The INSERT command lets you insert rows into a table, the syntax is as follows: INSERT INTO table(col1,col2) VALUES(val1,val2). To put in multiple rows you would do VALUES(val1, val2), (val1, val2) and so on. You can also insert data from another table using the following syntax: INSERT INTO table SELECT col1,col2 FROM another_table WHERE condition.

The UPDATE command lets you update certain rows, the syntax is as follows: UPDATE table SET col1 = val1, col2 = val2, … WHERE condition. The SET portion of the syntax specifies which columns should have this value changed to and the WHERE clause determines the condition.

The DELETE syntax is pretty simple: DELETE FROM table WHERE condition.

You can also alter the architecture of your table with the ALTER TABLE syntax: ALTER table action. The different actions available are the following: ADD COLUMN, DROP COLUMN, RENAME COLUMN, ADD CONSTRAINT and RENAME TO.

The syntax for dropping a table is: DROP TABLE IF EXISTS table_name (the IF EXISTS is optional). You can also include the keyword RESTRICT at the end of the DROP TABLE statement to make sure it doesn’t execute if other tables depend on it for data. If you want to drop the table along with tables dependent on it you can use the CASCADE keyword at the end of the DROP TABLE statement.

Another statement to be aware of is the VIEW statement. The VIEW statement returns a database object that is of a stored query. To create a view we use the CREATE VIEW statement, the syntax is: CREATE view_name AS query; where query may be a complex join query. View is a virtual table and it isn’t actually copying data. You can also do ALTER VIEW or DROP VIEW as well.

ActiveRecord Methods

In this section, I’ll be going through the different ActiveRecord methods, their use and some caveats that may exist in their use. Before I jump into the methods I want to address a few things: ActiveRecord Relation objects, scopes and the infamous ‘N+1’ problem.

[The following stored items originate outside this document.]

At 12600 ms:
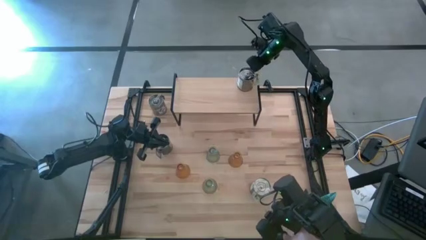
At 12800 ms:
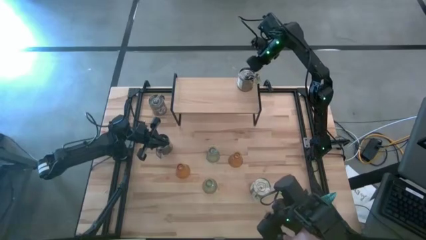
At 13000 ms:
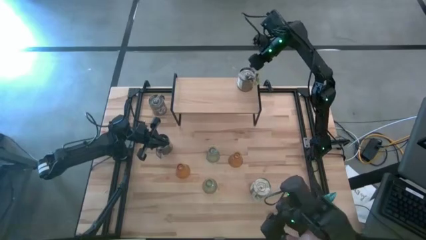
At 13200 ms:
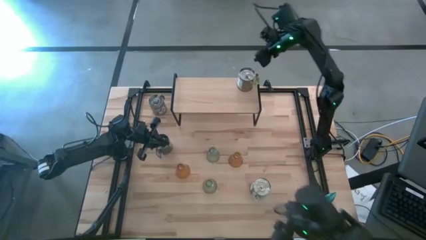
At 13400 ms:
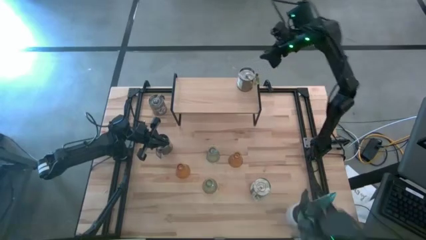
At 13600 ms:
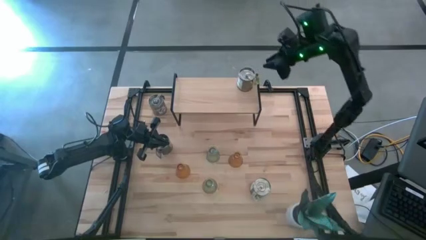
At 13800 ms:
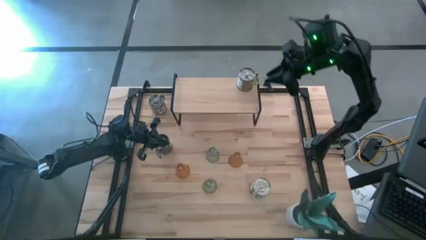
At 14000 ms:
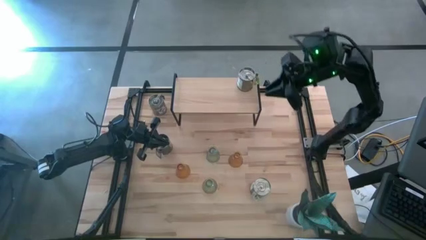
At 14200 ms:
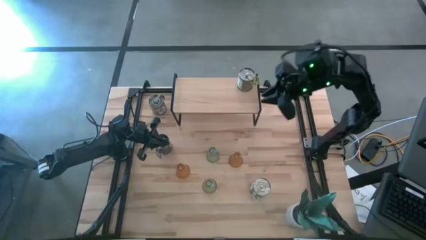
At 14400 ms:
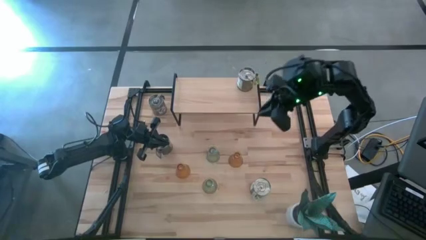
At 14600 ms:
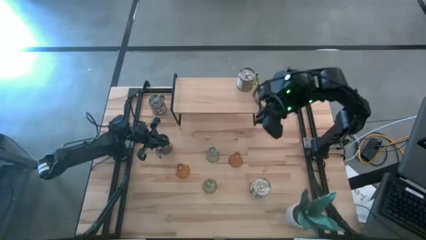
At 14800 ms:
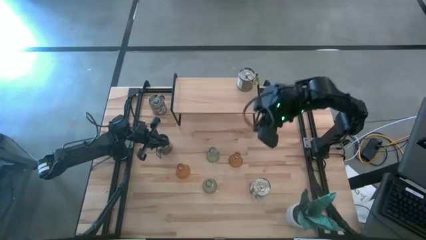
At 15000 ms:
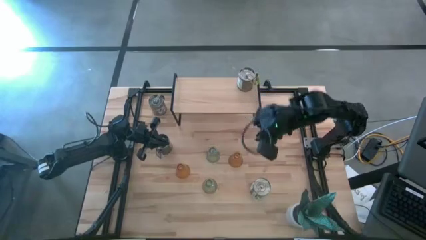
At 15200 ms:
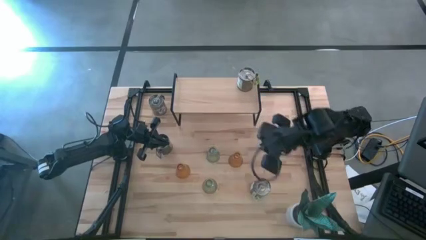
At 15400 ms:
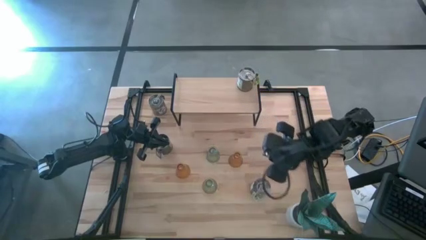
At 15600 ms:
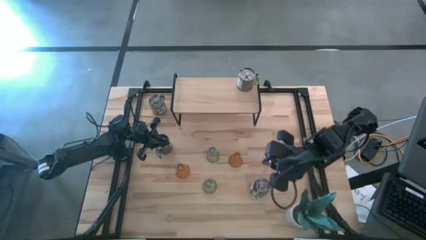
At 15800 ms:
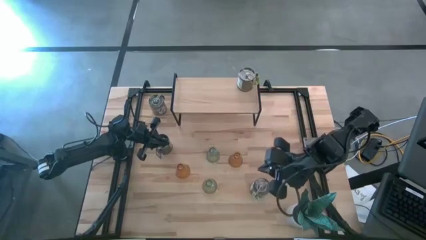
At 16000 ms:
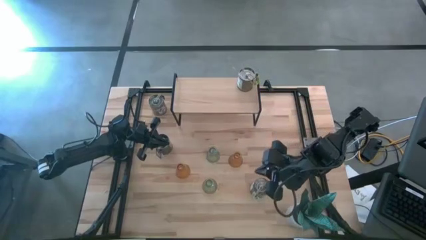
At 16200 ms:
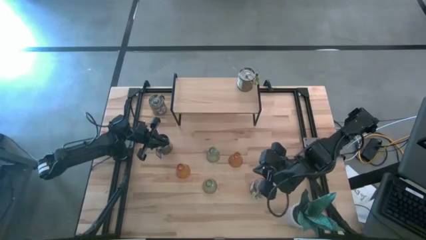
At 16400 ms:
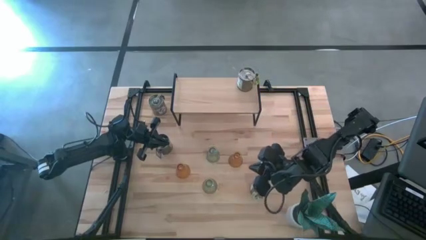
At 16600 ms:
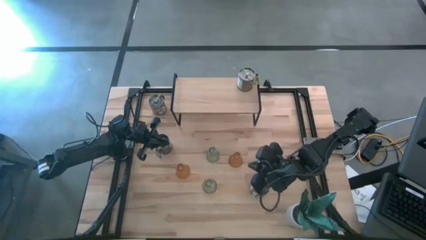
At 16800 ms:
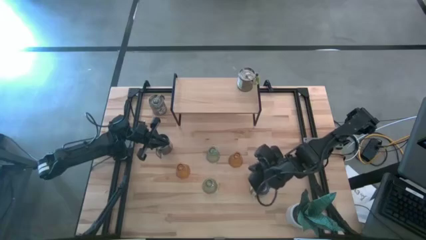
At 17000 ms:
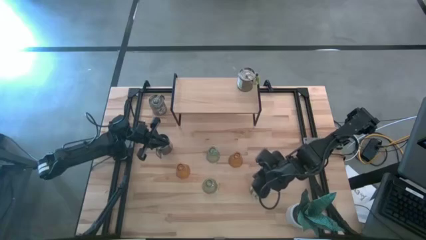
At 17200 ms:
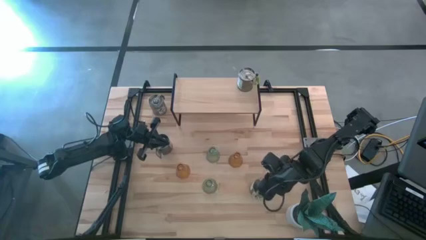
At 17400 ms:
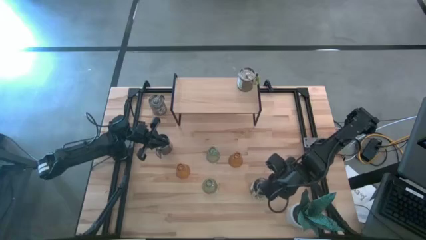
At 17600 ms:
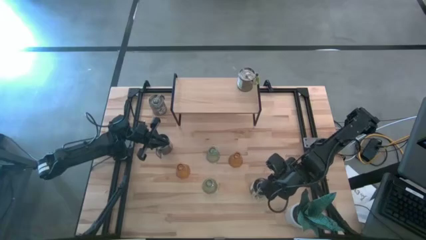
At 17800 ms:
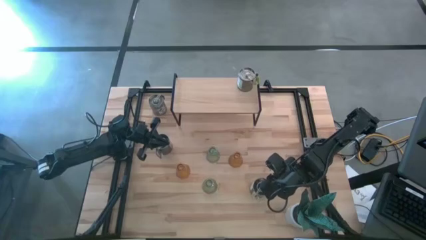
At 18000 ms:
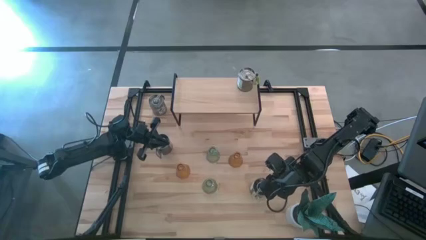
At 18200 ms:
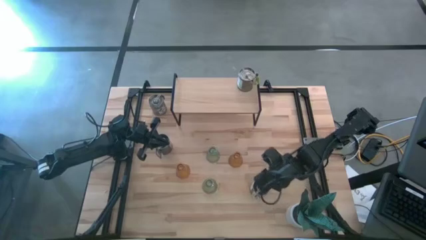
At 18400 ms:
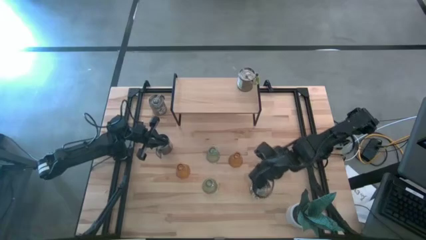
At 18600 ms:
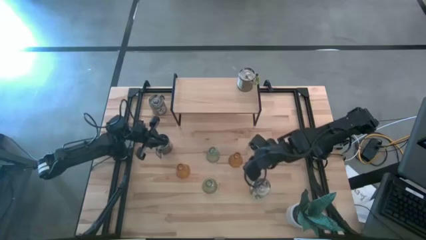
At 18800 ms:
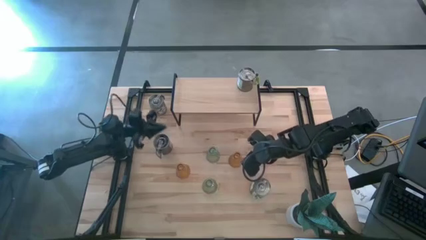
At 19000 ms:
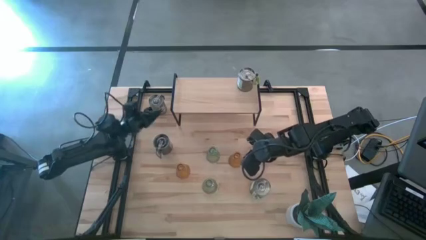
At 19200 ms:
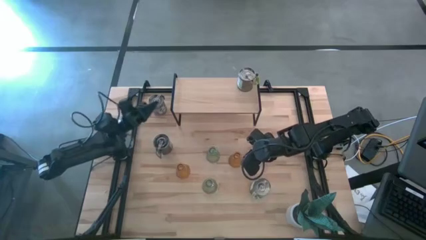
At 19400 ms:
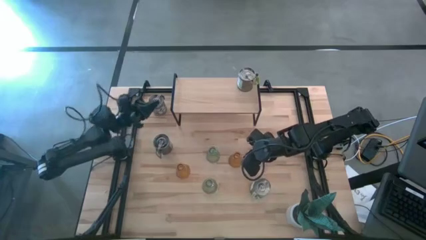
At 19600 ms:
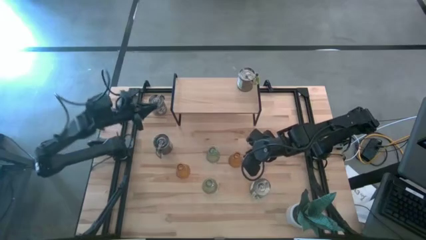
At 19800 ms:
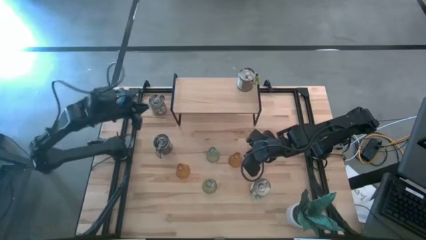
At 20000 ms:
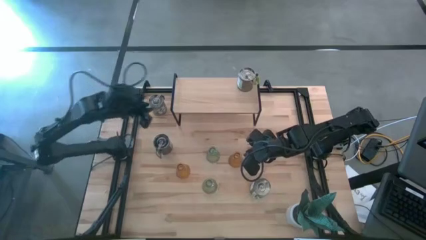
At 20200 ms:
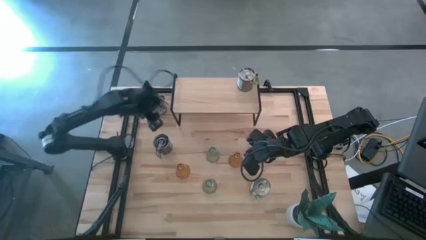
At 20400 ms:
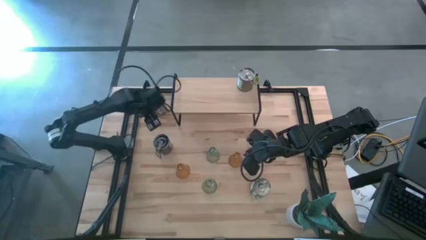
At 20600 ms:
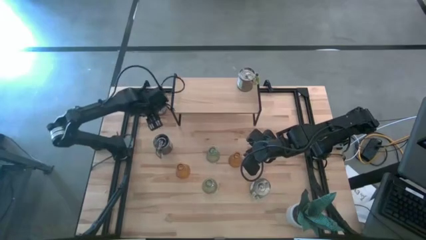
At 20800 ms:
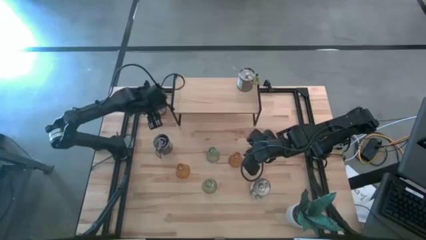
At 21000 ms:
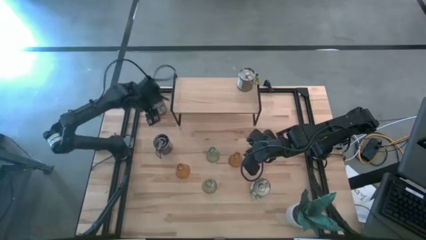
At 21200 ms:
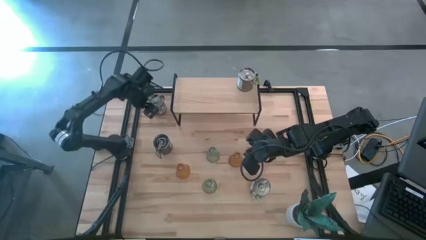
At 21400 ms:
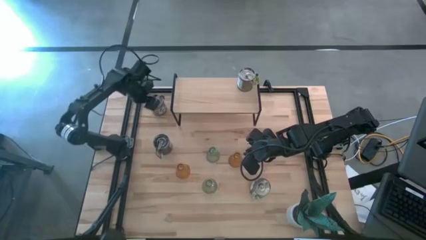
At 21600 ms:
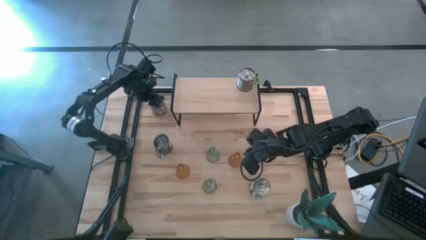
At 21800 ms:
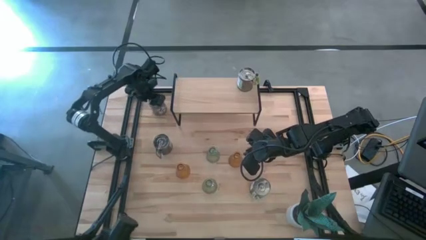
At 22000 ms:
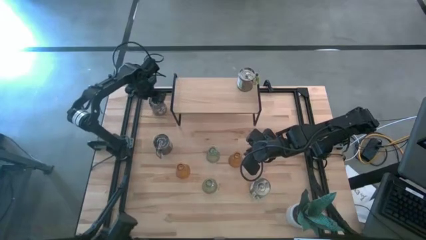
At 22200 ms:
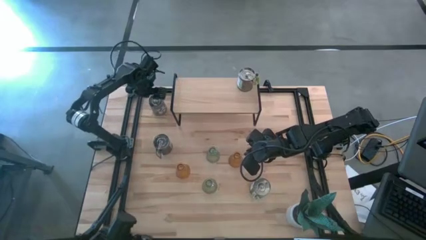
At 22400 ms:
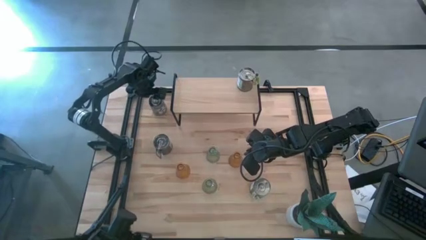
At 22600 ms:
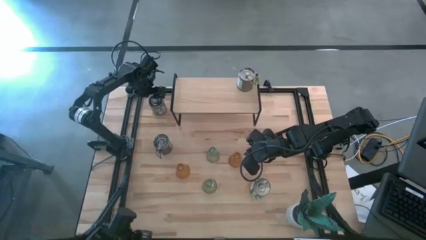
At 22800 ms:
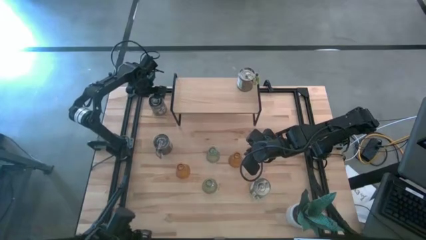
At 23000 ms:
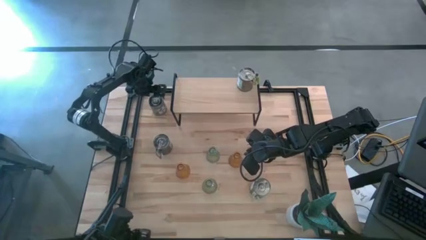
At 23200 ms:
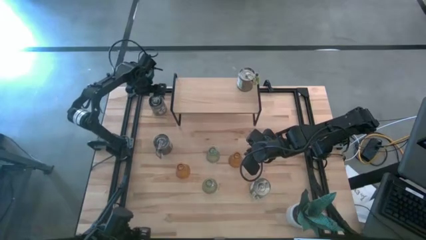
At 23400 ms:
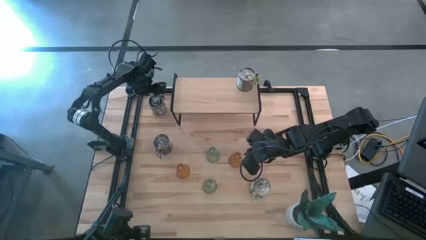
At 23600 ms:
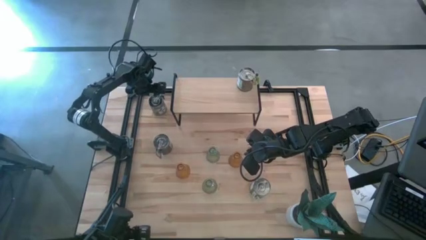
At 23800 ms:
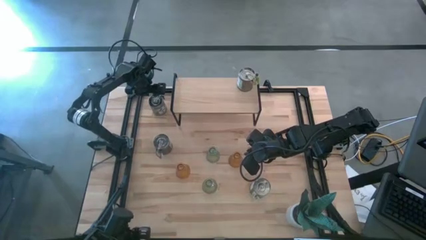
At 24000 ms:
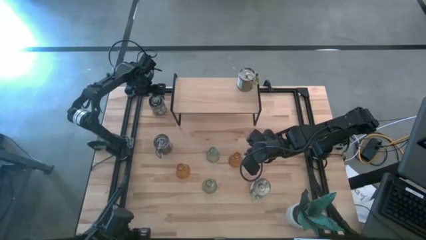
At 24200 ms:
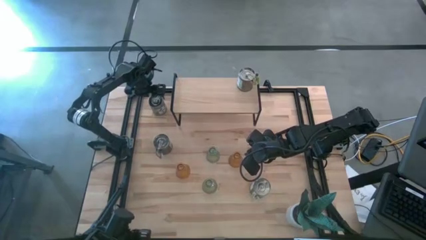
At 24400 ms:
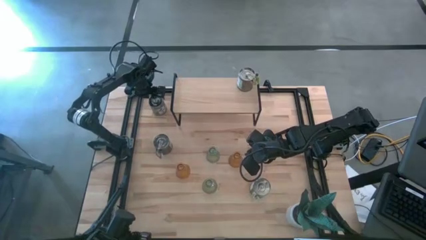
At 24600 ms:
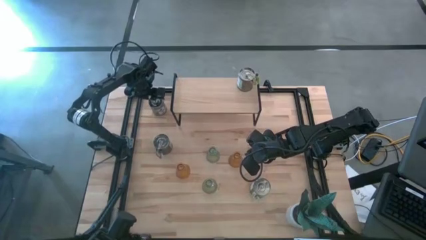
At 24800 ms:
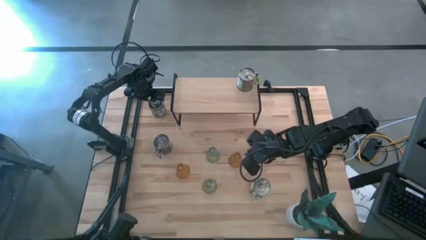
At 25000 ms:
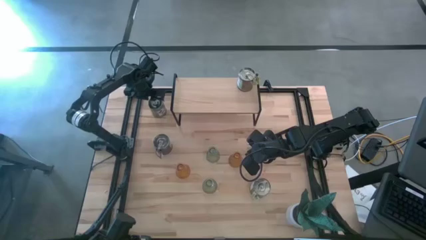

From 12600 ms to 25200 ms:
Task: Pick & Place candle stick holders
Put the silver scented candle on the shelf

ActiveRecord relations are of the ActiveRecord::Relations class and are returned for certain methods. They are inherently different from other methods, because these methods don’t necessarily fire a query and store it in memory UNTIL you operate on them. An example is @posts.first.title, this query is only fired off because we called the .title on @posts.first. Methods implemented in the ActiveRecord::FinderMethods will not return relation objects. You can also chain methods for relations, an example would be to order post ascending and then grab the first. If you run into a relation that you want to act as an array, you can use the to_a method. ActiveRecord relations are already a performance boost that Rails gives us to use over raw SQL!

Scopes let you create an abstraction for a long where statement. For example in your code you can have scope :important, -> {where(is_important: true)}. This would let us do a command such as Post.important.all, scopes can be used in place of class methods. However, it is generally recommended to create class methods instead inside your model. The only difference between scopes and regular class methods is that if you have a conditional equaling false, the scope will still return an ActiveRecord Relation, whereas a class method will return nil which will cause a no method error for chained methods.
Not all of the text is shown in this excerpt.